The model was evaluated using the CIFake test dataset, with the following metrics:

- **Accuracy:** 92%
- **F1 Score:** 0.89
- **Precision:** 0.85
- **Recall:** 0.88

| Model         | Accuracy | F1-Score | Precision | Recall |
|---------------|----------|----------|-----------|--------|
| Baseline      | 85%      | 0.82     | 0.78      | 0.80   |
| Augmented     | 88%      | 0.85     | 0.83      | 0.84   |
| Fine-tuned ViT| **92%**  | **0.89** | **0.85**  | **0.88**|

## Evaluation Fig:
![image/png](https://cdn-uploads.huggingface.co/production/uploads/640ed1fb06c3b5ca883d5ad5/vmiE8IhMLUwJIOLK-Q9dT.png)

## System Workflow

- **Frontend:** ReactJS
- **Backend:** Python Flask
- **Database:** PostgreSQL(Supabase)
- **Model:** Deployed via Pytorch and TensorFlow frameworks

## Strengths and Limitations

### Strengths:
- **High Accuracy:** Achieves state-of-the-art performance in distinguishing real and synthetic images.
- **Pretrained on ImageNet-21k:** Allows for efficient transfer learning and robust generalization.

### Limitations:
- **Synthetic Image Diversity:** The model may underperform on novel or unseen synthetic images that are significantly different from the training data.
- **Data Bias:** Like all machine learning models, its predictions may reflect biases present in the training data.
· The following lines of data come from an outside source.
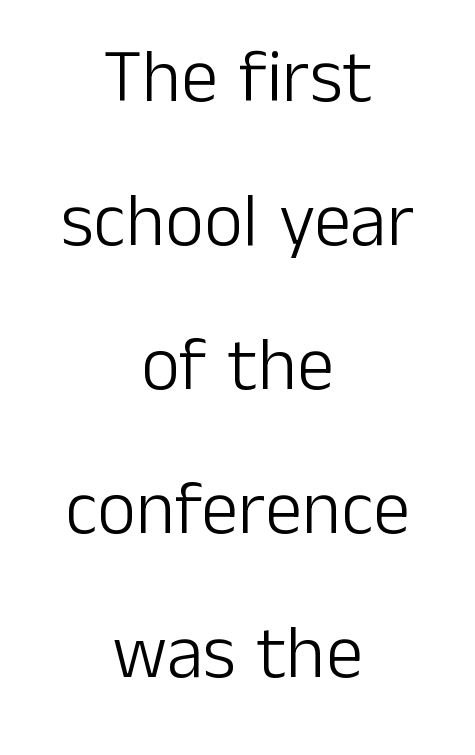
These lines keep a tight, regular rhythm from letter to letter. No letter is thick-stroked: the sample isn't bold. This sample uses a sans-serif face. Students, observe: this is what heavily led, spacious text looks like.
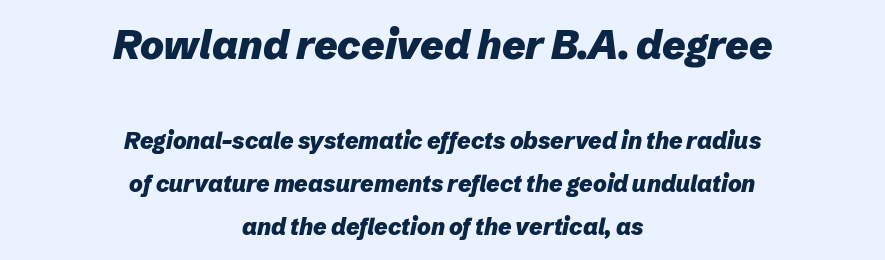
An italicized treatment has been applied to the whole sample. The area under the type is left untouched. Bold? Absolutely — the strokes are thick and heavy. Character widths vary here, with narrow letters taking less room than wide ones.
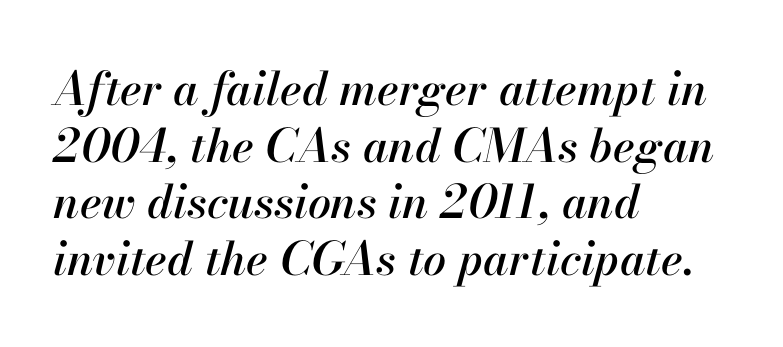
Slanted lettering throughout. Here the designer chose a conventional face with non-uniform glyph widths. These lines stack with their left ends in a neat column. Check under the words: just untouched page. Characters follow at the spacing the type designer built in.
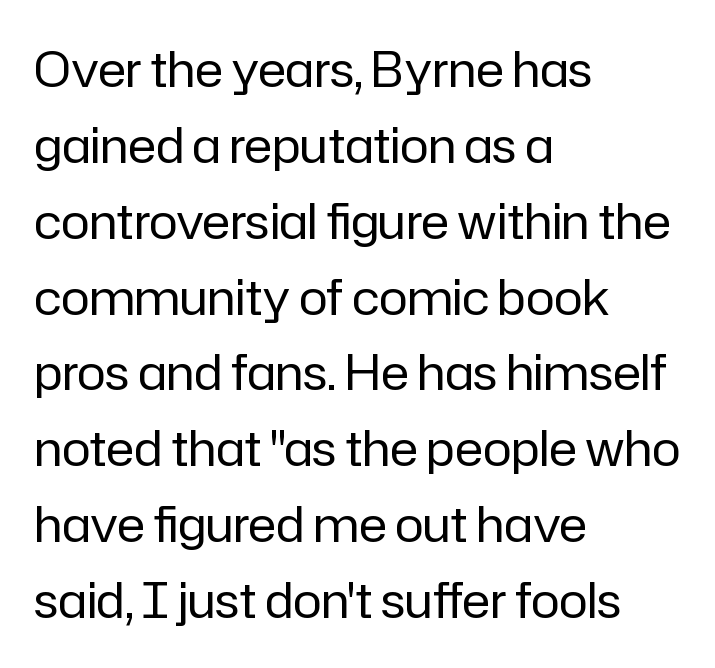
{"serif": "no", "italic": "no", "bold": "no", "weight": "regular", "width": "normal", "stroke_contrast": "low", "x_height": "medium", "monospaced": "no", "underline": "no", "align": "left", "line_spacing": "normal", "line_spacing_ratio": 1.58, "letter_spacing": "normal", "letter_spacing_em": 0.0, "glyph_px": 48}
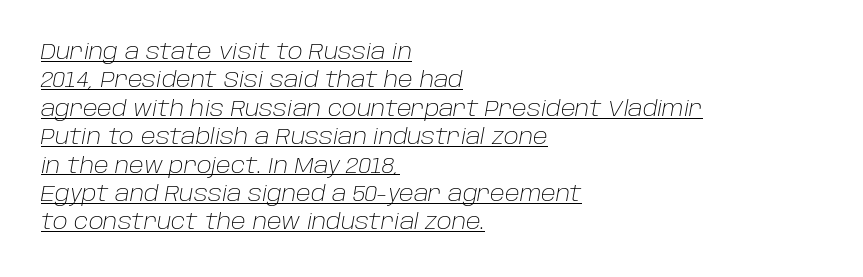
The image shows 22 px text type, italic (leaning right); set left-aligned, normal line spacing (1.29x), normal letter spacing, underlined.
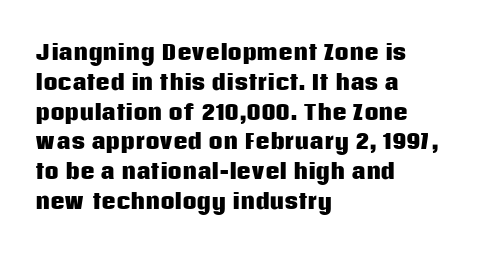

## Conclusion and Future Work

This model provides a highly effective tool for detecting AI-generated synthetic images and has promising applications in content moderation, digital forensics, and trust preservation. Future improvements may include:
- **Hybrid Architectures:** Combining transformers with convolutional layers for improved performance.
- **Multimodal Detection:** Incorporating additional modalities (e.g., metadata or contextual information) for more comprehensive detection.